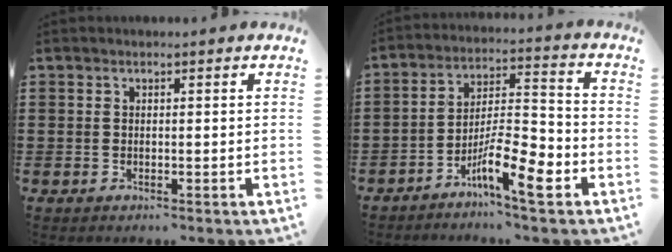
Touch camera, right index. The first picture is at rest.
{"total": 9.5, "force": [-5.7, 2.3, 7.2], "torque": [-0.134, 0.006, -0.104]}
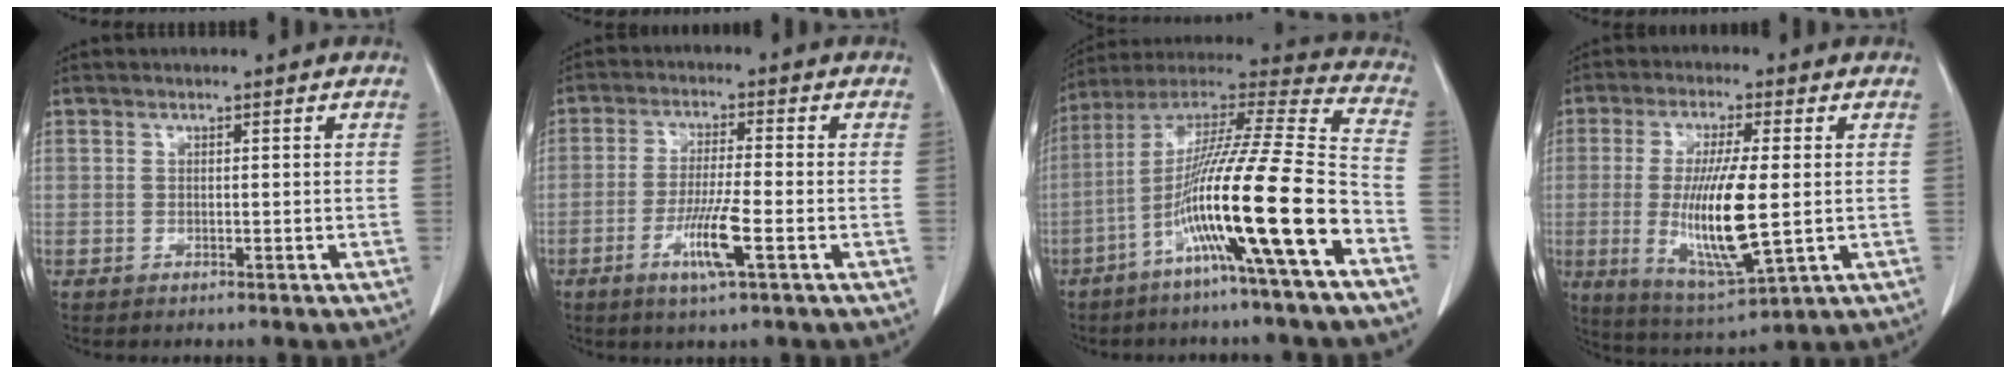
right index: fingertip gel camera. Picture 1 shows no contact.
{"total": 7.2, "force": [-2.8, 0.0, 6.6], "torque": [-0.123, -0.013, -0.051]}
{"total": 21.3, "force": [-8.6, -0.7, 19.5], "torque": [-0.354, -0.021, -0.161]}
{"total": 13.4, "force": [-0.9, 2.2, 13.1], "torque": [-0.257, -0.021, -0.008]}
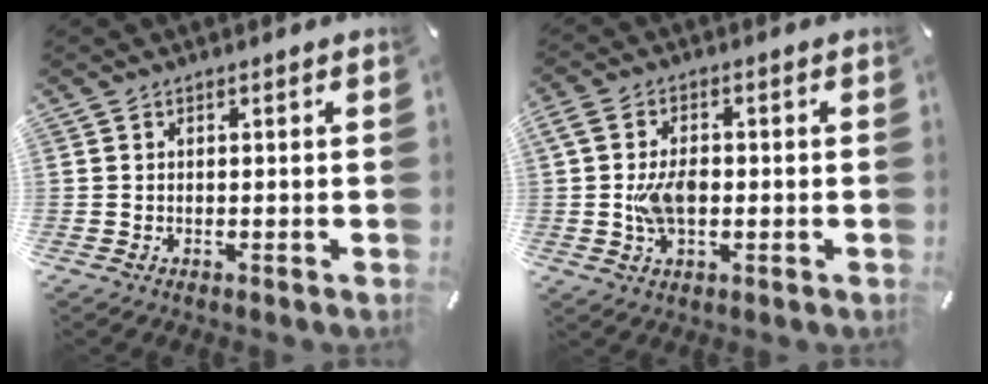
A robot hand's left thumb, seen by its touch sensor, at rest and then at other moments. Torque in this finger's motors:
{"motor_torque": [1.90, 1.78, 1.35, -0.06, 0.19]}
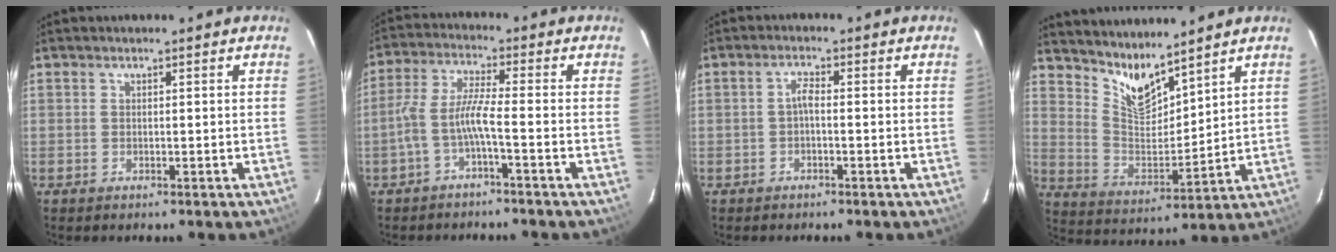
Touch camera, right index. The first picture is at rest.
{"total": 5.8, "force": [-2.6, 0.1, 5.1], "torque": [-0.123, 0.010, -0.050]}
{"total": 1.7, "force": [-0.6, 0.4, 1.5], "torque": [-0.031, 0.007, -0.012]}
{"total": 9.2, "force": [8.0, 2.0, 4.1], "torque": [-0.077, -0.015, 0.159]}
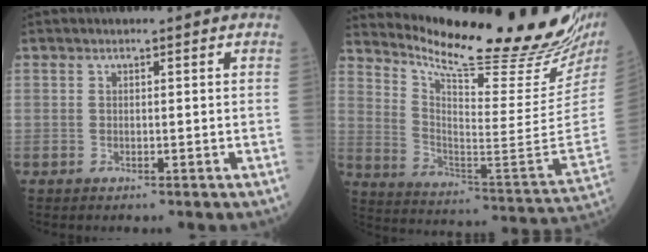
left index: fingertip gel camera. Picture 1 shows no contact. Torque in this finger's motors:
{"motor_torque": [1.02, -1.12, 0.26, 0.08]}
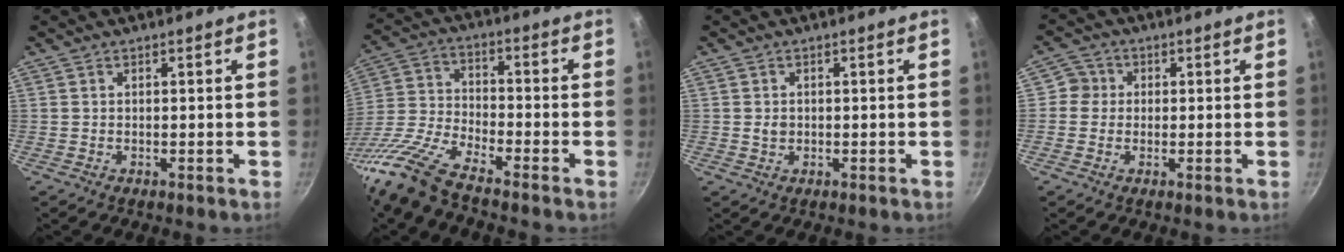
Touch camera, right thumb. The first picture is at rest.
{"total": 13.5, "force": [-10.8, 2.8, 7.5], "torque": [-0.164, 0.046, -0.233]}
{"total": 1.5, "force": [0.1, 1.3, 0.6], "torque": [-0.007, -0.001, 0.001]}
{"total": 3.6, "force": [0.0, 3.5, 0.7], "torque": [0.014, 0.006, -0.012]}
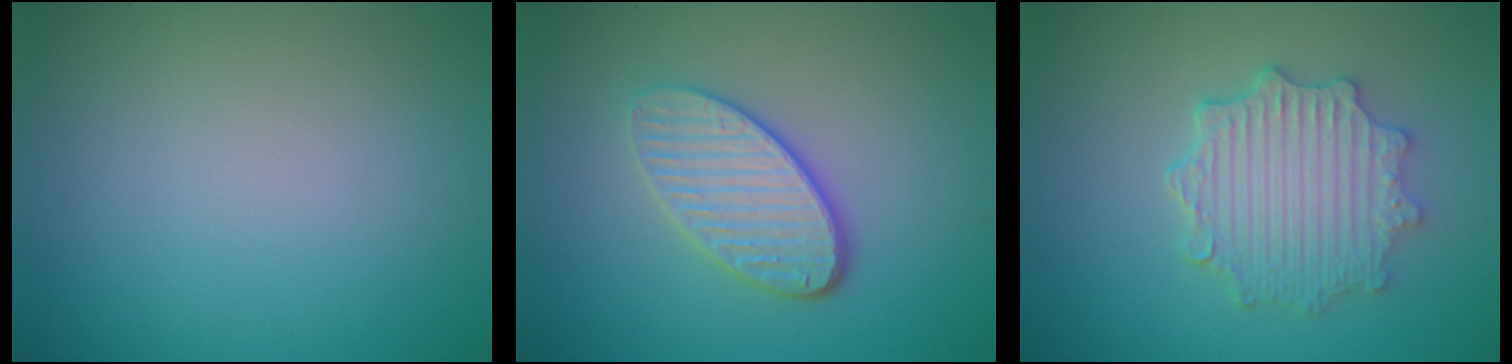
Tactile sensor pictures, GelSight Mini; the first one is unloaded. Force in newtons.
{"total": 4.0, "press": 3.3, "slide": 2.4}
{"total": 4.9, "press": 4.0, "slide": 2.8}
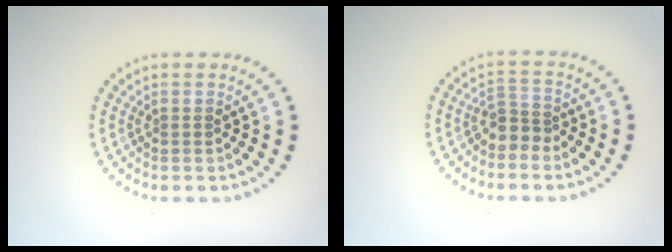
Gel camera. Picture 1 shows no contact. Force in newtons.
{"total": 2.2, "press": 1.7, "slide": 1.4}
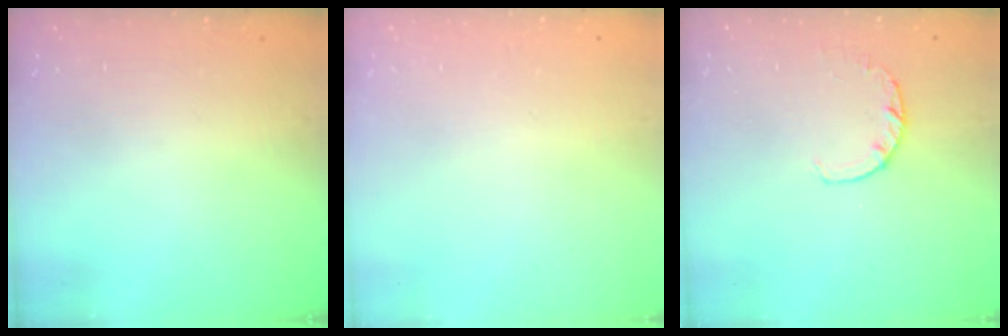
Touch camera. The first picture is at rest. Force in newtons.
{"total": 2.6, "press": 2.6, "slide": 0.2}
{"total": 2.8, "press": 2.7, "slide": 0.5}
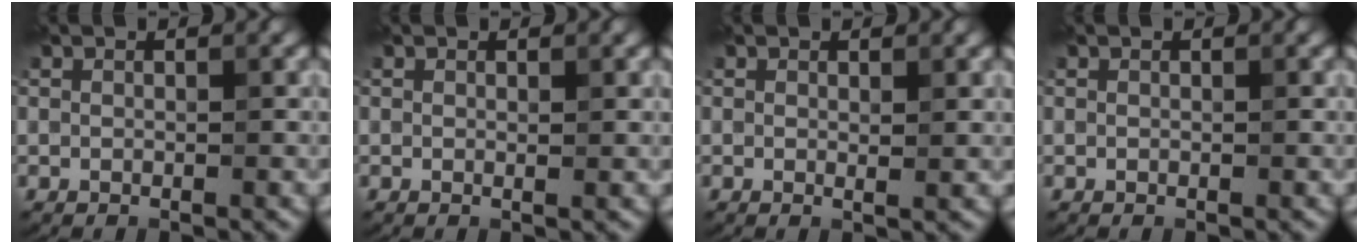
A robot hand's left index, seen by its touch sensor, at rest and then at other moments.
{"total": 0.5, "force": [0.3, 0.1, 0.5], "torque": [-0.006, -0.002, 0.003]}
{"total": 0.9, "force": [0.3, 0.1, 0.8], "torque": [-0.011, -0.002, 0.005]}
{"total": 0.0}
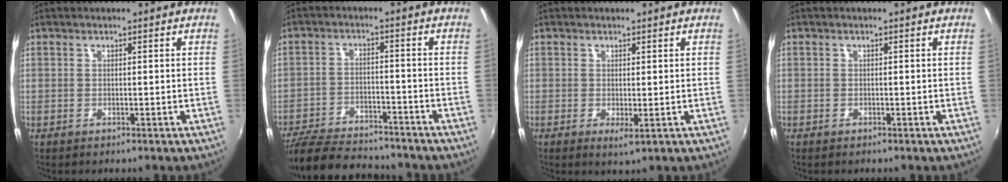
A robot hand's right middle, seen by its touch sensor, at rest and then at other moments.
{"total": 15.5, "force": [-13.7, 4.1, 6.0], "torque": [-0.142, -0.012, -0.215]}
{"total": 1.7, "force": [0.2, 0.3, 1.6], "torque": [-0.028, -0.005, 0.003]}
{"total": 0.5, "force": [-0.4, 0.3, 0.0], "torque": [0.000, 0.001, -0.007]}
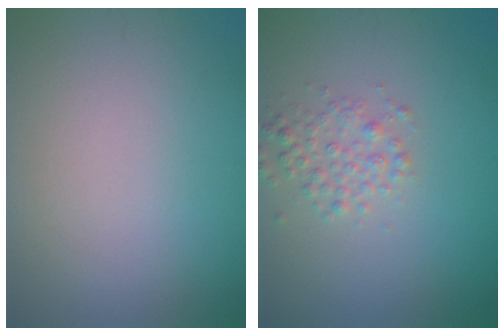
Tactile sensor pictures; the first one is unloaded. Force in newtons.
{"total": 2.1, "press": 2.1, "slide": 0.0}
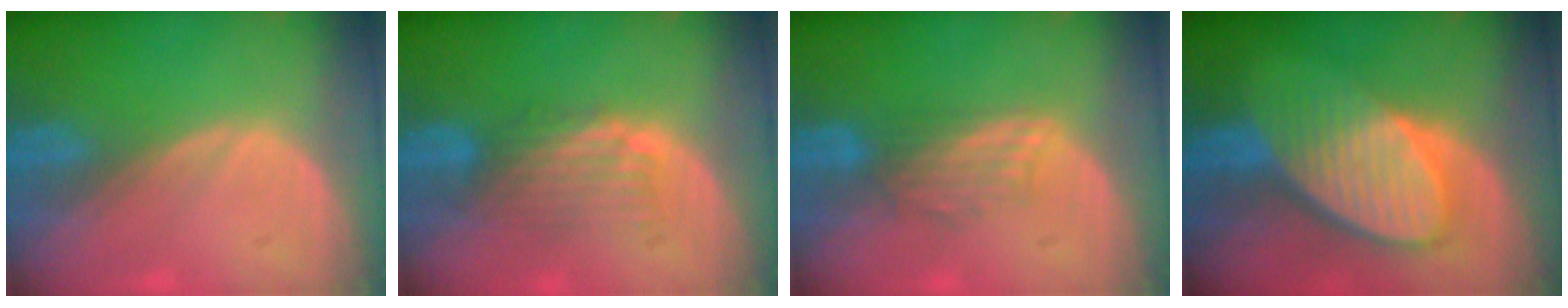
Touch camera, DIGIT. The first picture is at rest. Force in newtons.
{"total": 5.0, "press": 4.2, "slide": 2.7}
{"total": 3.6, "press": 3.2, "slide": 1.7}
{"total": 9.0, "press": 8.1, "slide": 4.0}
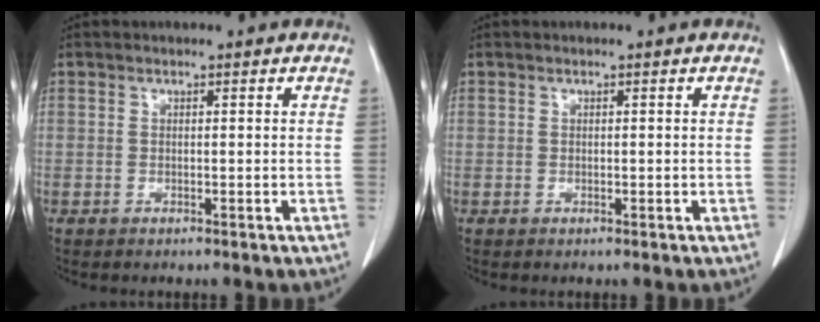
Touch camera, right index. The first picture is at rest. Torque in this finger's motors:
{"motor_torque": [-0.04, 0.03, -0.04, 0.00]}
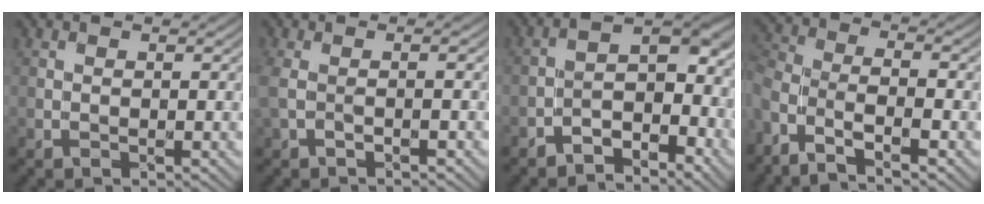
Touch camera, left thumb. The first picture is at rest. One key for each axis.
{"total": 2.3, "fx": -0.2, "fy": 0.1, "fz": 2.3, "tx": -0.056, "ty": -0.002, "tz": -0.006}
{"total": 5.1, "fx": -4.1, "fy": 2.1, "fz": 2.2, "tx": -0.012, "ty": 0.010, "tz": -0.081}
{"total": 5.1, "fx": -3.9, "fy": 1.1, "fz": 3.0, "tx": -0.072, "ty": -0.004, "tz": -0.081}
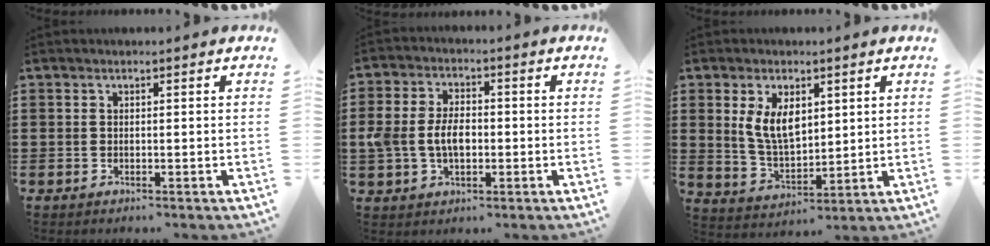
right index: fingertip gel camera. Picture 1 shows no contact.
{"total": 6.1, "force": [-0.6, 4.0, 4.6], "torque": [-0.118, 0.000, -0.020]}
{"total": 6.9, "force": [2.3, 3.9, 5.2], "torque": [-0.113, 0.003, 0.039]}
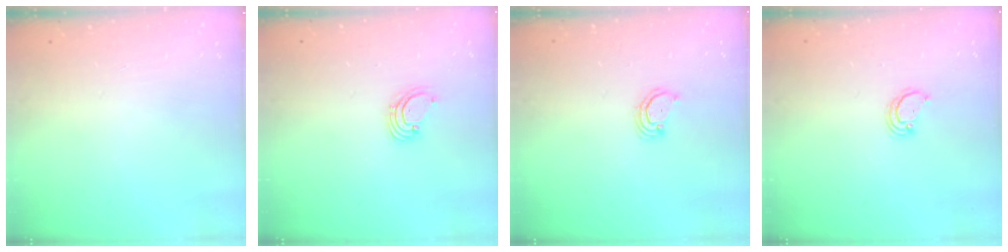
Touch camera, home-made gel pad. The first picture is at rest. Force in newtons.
{"total": 1.6, "press": 1.6, "slide": 0.1}
{"total": 2.9, "press": 2.9, "slide": 0.2}
{"total": 2.8, "press": 2.8, "slide": 0.2}
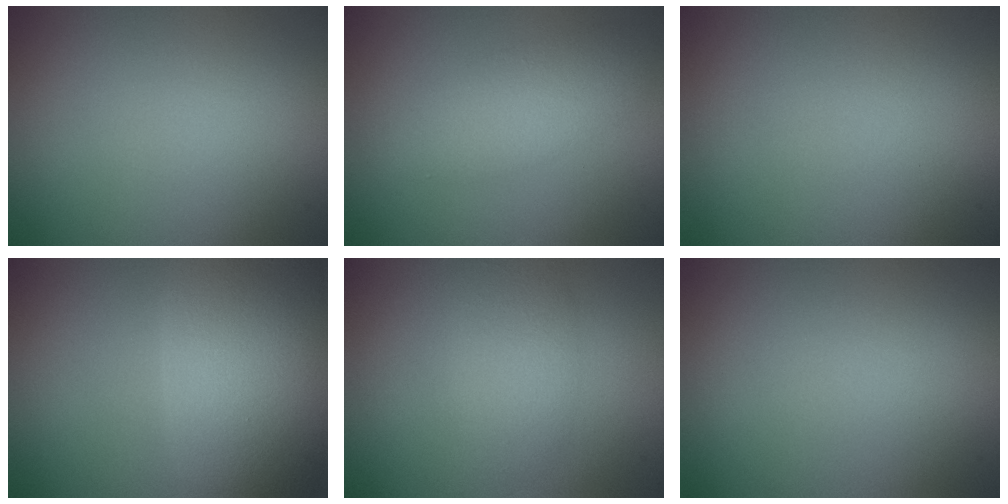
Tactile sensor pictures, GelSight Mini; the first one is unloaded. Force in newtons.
{"total": 3.2, "press": 3.2, "slide": 0.2}
{"total": 0.0}
{"total": 8.0, "press": 8.0, "slide": 0.7}
{"total": 2.9, "press": 2.9, "slide": 0.1}
{"total": 0.0}
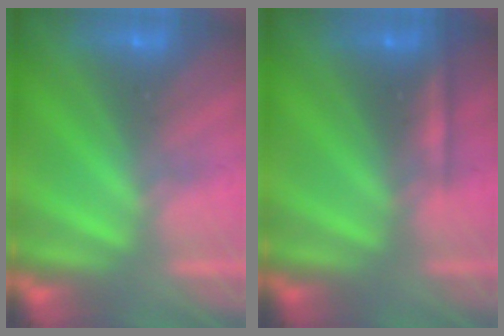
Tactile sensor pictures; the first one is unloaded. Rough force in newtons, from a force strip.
{"total": 2.2}

## DIRECTIONS:
Please return the full listing word for word, but without any pictures.

## YOUR RESPONSE:
Touch camera, right index. The first picture is at rest.
{"total": 9.5, "force": [-5.7, 2.3, 7.2], "torque": [-0.134, 0.006, -0.104]}
right index: fingertip gel camera. Picture 1 shows no contact.
{"total": 7.2, "force": [-2.8, 0.0, 6.6], "torque": [-0.123, -0.013, -0.051]}
{"total": 21.3, "force": [-8.6, -0.7, 19.5], "torque": [-0.354, -0.021, -0.161]}
{"total": 13.4, "force": [-0.9, 2.2, 13.1], "torque": [-0.257, -0.021, -0.008]}
A robot hand's left thumb, seen by its touch sensor, at rest and then at other moments. Torque in this finger's motors:
{"motor_torque": [1.90, 1.78, 1.35, -0.06, 0.19]}
Touch camera, right index. The first picture is at rest.
{"total": 5.8, "force": [-2.6, 0.1, 5.1], "torque": [-0.123, 0.010, -0.050]}
{"total": 1.7, "force": [-0.6, 0.4, 1.5], "torque": [-0.031, 0.007, -0.012]}
{"total": 9.2, "force": [8.0, 2.0, 4.1], "torque": [-0.077, -0.015, 0.159]}
left index: fingertip gel camera. Picture 1 shows no contact. Torque in this finger's motors:
{"motor_torque": [1.02, -1.12, 0.26, 0.08]}
Touch camera, right thumb. The first picture is at rest.
{"total": 13.5, "force": [-10.8, 2.8, 7.5], "torque": [-0.164, 0.046, -0.233]}
{"total": 1.5, "force": [0.1, 1.3, 0.6], "torque": [-0.007, -0.001, 0.001]}
{"total": 3.6, "force": [0.0, 3.5, 0.7], "torque": [0.014, 0.006, -0.012]}
Tactile sensor pictures, GelSight Mini; the first one is unloaded. Force in newtons.
{"total": 4.0, "press": 3.3, "slide": 2.4}
{"total": 4.9, "press": 4.0, "slide": 2.8}
Gel camera. Picture 1 shows no contact. Force in newtons.
{"total": 2.2, "press": 1.7, "slide": 1.4}
Touch camera. The first picture is at rest. Force in newtons.
{"total": 2.6, "press": 2.6, "slide": 0.2}
{"total": 2.8, "press": 2.7, "slide": 0.5}
A robot hand's left index, seen by its touch sensor, at rest and then at other moments.
{"total": 0.5, "force": [0.3, 0.1, 0.5], "torque": [-0.006, -0.002, 0.003]}
{"total": 0.9, "force": [0.3, 0.1, 0.8], "torque": [-0.011, -0.002, 0.005]}
{"total": 0.0}
A robot hand's right middle, seen by its touch sensor, at rest and then at other moments.
{"total": 15.5, "force": [-13.7, 4.1, 6.0], "torque": [-0.142, -0.012, -0.215]}
{"total": 1.7, "force": [0.2, 0.3, 1.6], "torque": [-0.028, -0.005, 0.003]}
{"total": 0.5, "force": [-0.4, 0.3, 0.0], "torque": [0.000, 0.001, -0.007]}
Tactile sensor pictures; the first one is unloaded. Force in newtons.
{"total": 2.1, "press": 2.1, "slide": 0.0}
Touch camera, DIGIT. The first picture is at rest. Force in newtons.
{"total": 5.0, "press": 4.2, "slide": 2.7}
{"total": 3.6, "press": 3.2, "slide": 1.7}
{"total": 9.0, "press": 8.1, "slide": 4.0}
Touch camera, right index. The first picture is at rest. Torque in this finger's motors:
{"motor_torque": [-0.04, 0.03, -0.04, 0.00]}
Touch camera, left thumb. The first picture is at rest. One key for each axis.
{"total": 2.3, "fx": -0.2, "fy": 0.1, "fz": 2.3, "tx": -0.056, "ty": -0.002, "tz": -0.006}
{"total": 5.1, "fx": -4.1, "fy": 2.1, "fz": 2.2, "tx": -0.012, "ty": 0.010, "tz": -0.081}
{"total": 5.1, "fx": -3.9, "fy": 1.1, "fz": 3.0, "tx": -0.072, "ty": -0.004, "tz": -0.081}
right index: fingertip gel camera. Picture 1 shows no contact.
{"total": 6.1, "force": [-0.6, 4.0, 4.6], "torque": [-0.118, 0.000, -0.020]}
{"total": 6.9, "force": [2.3, 3.9, 5.2], "torque": [-0.113, 0.003, 0.039]}
Touch camera, home-made gel pad. The first picture is at rest. Force in newtons.
{"total": 1.6, "press": 1.6, "slide": 0.1}
{"total": 2.9, "press": 2.9, "slide": 0.2}
{"total": 2.8, "press": 2.8, "slide": 0.2}
Tactile sensor pictures, GelSight Mini; the first one is unloaded. Force in newtons.
{"total": 3.2, "press": 3.2, "slide": 0.2}
{"total": 0.0}
{"total": 8.0, "press": 8.0, "slide": 0.7}
{"total": 2.9, "press": 2.9, "slide": 0.1}
{"total": 0.0}
Tactile sensor pictures; the first one is unloaded. Rough force in newtons, from a force strip.
{"total": 2.2}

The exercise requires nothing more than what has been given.